Heat transfer in microchannels depends significantly on channel geometry. Extensive studies of microchannel flow and heat transfer have been carried out in the past two decades. The focus of these studies has been on characterizing the flow and thermal transfer at a fundamental level, while application development has been a more recent focus.

The first experimental results of fluid behavior in microchannels were obtained for trapezoidal shaped microchannels with hydraulic diameters 50 μ m [[28]]. The results agreed with smooth macro-channel theoretical values in both laminar and turbulent regimes. Gas and liquid flow in circular microtubes and measured friction factors also agreed well with theoretical values based on macro-channel situations [[29]]. It was also indicated that the laminar–turbulent transition occurred at a Reynolds number of around 2000. Several studies presented results for microchannels with hydraulic diameters ranging from 100 to 500 μ m, and showed good agreement with theoretical results [[31]]. Other studies provided some insight into gas and liquid flow inside microchannels and observed that friction factor results agree with macroscale friction laws [[35]]. Visualization of liquid flow through microchannels with diameters ranging from 244 to 974 μ m aimed at verifying onset of turbulence concluded that the development of turbulent flow in microchannels is retarded as compared to the macroscale systems [[39]]. Experimental investigations were conducted to explore the validity of classical correlations based on conventional channels for predicting the thermal behavior in single-phase flow through rectangular microchannels with widths ranging from 194 to 534 μ m, and with channel depth being nominally five times the width in each case [[40]]. The experiments were conducted for flow Reynolds numbers ranging from ∼ 300 to ∼ 3500 and used deionized water as the working fluid. A "checkmate" design of a micro heat exchanger with cross-flow was the first attempt at heat transfer enhancement in microchannels [[41]]. A micro pin fin heat exchanger fabricated using the LiGA process [[42]] indicated slightly higher enhancement as compared to a traditional macro pin fin channel, and indicated that there is need for optimization of the pin fin placement in the channel to further improve the level of enhancement. Lee et al. [[27]] studied a variety of rectangular microchannels made of Cu, ranging from 194 μ m to 534 μ m in width. They compared their experimental results against conventional correlations, indicating wide disparities between experiments and correlations.

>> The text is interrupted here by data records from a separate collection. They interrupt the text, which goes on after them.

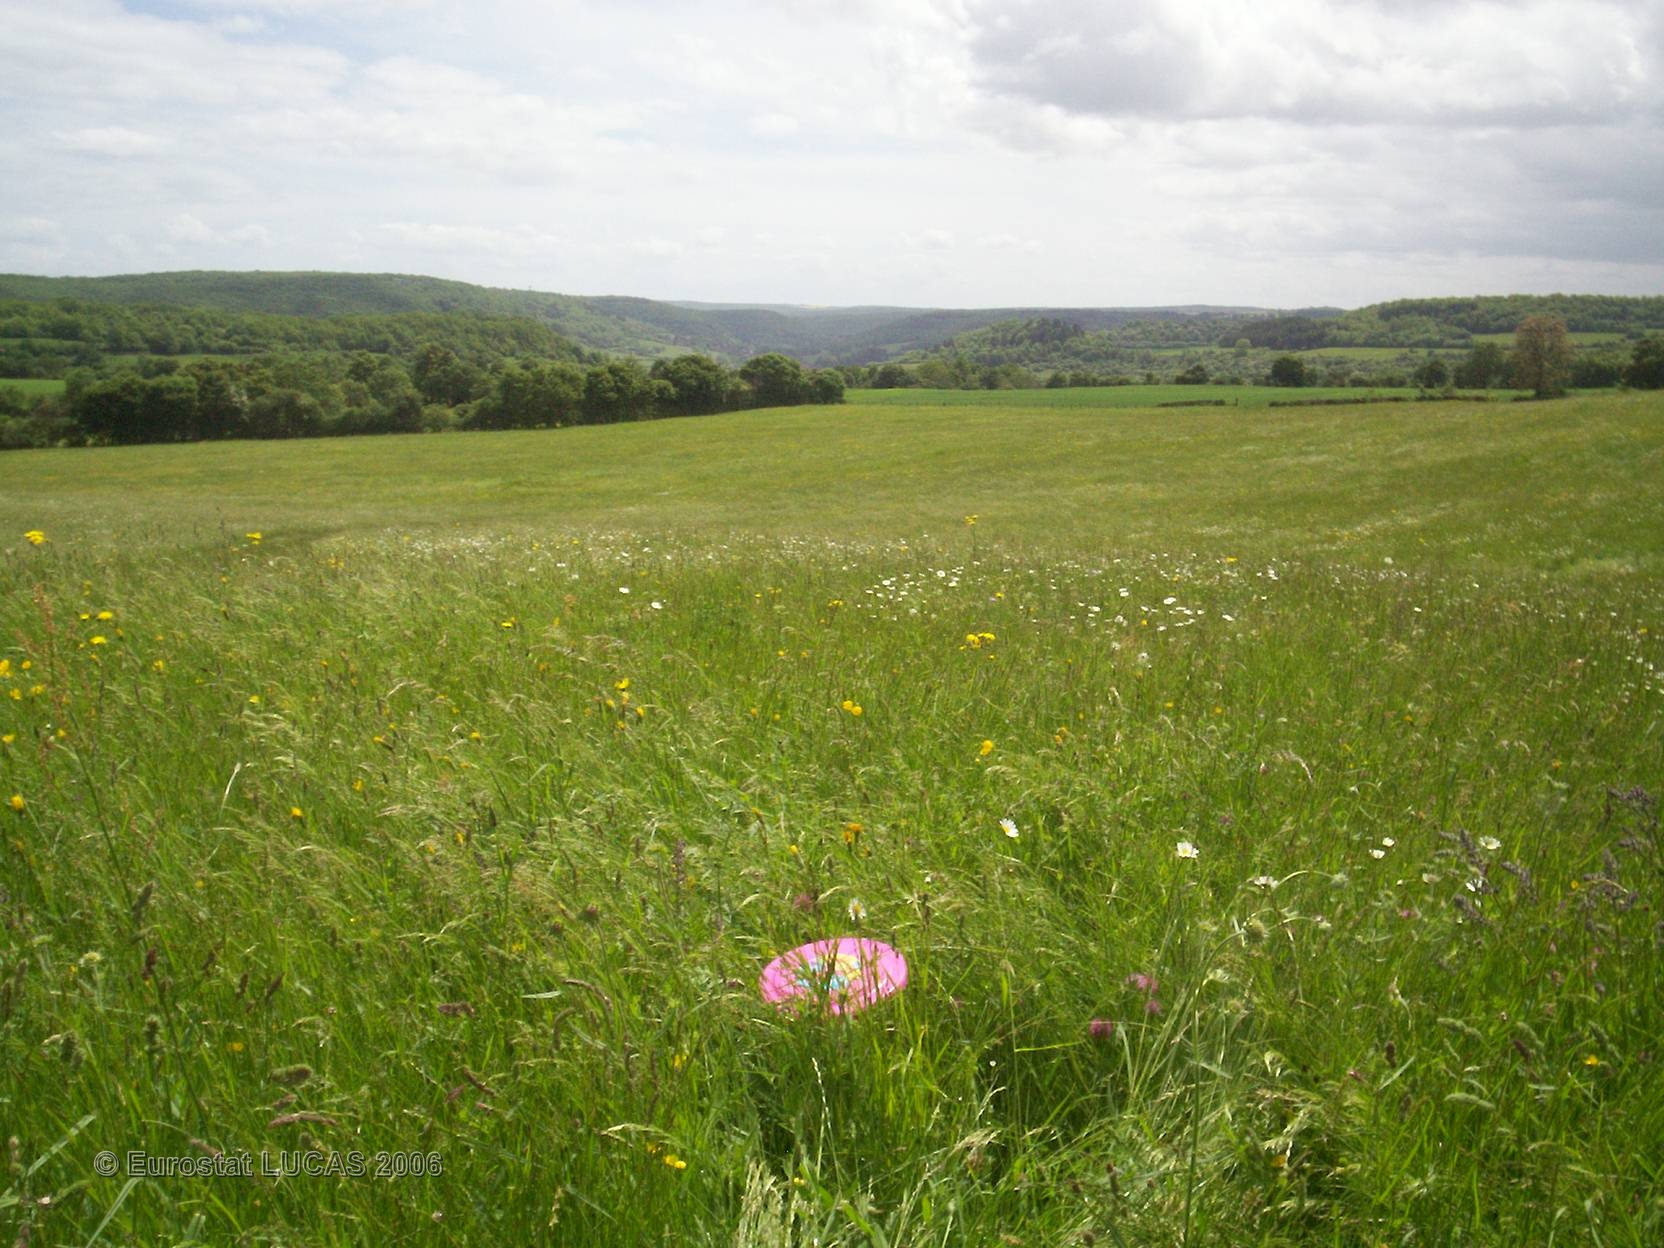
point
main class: Grassland
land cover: Grassland without tree/shrub cover
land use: Agriculture (excluding fallow land and kitchen gardens)
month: May
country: FR
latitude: 47.1382
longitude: 4.6602

Recently there have been several studies that have focused on various aspects of microchannel geometry to enhance heat transfer. Liu et al. [[43]] studied convective heat transfer in a quartz microtube with three different inner diameters of 242, 315, and 520 μ m. They indicated that the experimental values for Nusselt number matched well with the laminar flow heat transfer correlation. They also indicated laminar–turbulent transition in the range of Reynolds number between 1500 and 5500 for the microtubes. Steinke and Kandlikar [[44]] presented a comprehensive review of friction factor data in microchannels with liquid flow. They indicated that entrance and exit losses need to be accounted for while presenting overall friction factor losses in microchannels. Most of the data that accounted for friction factor loss shows good agreement with conventional theory. They also provided a new procedure for correcting measured pressure drop to account for inlet and exit losses.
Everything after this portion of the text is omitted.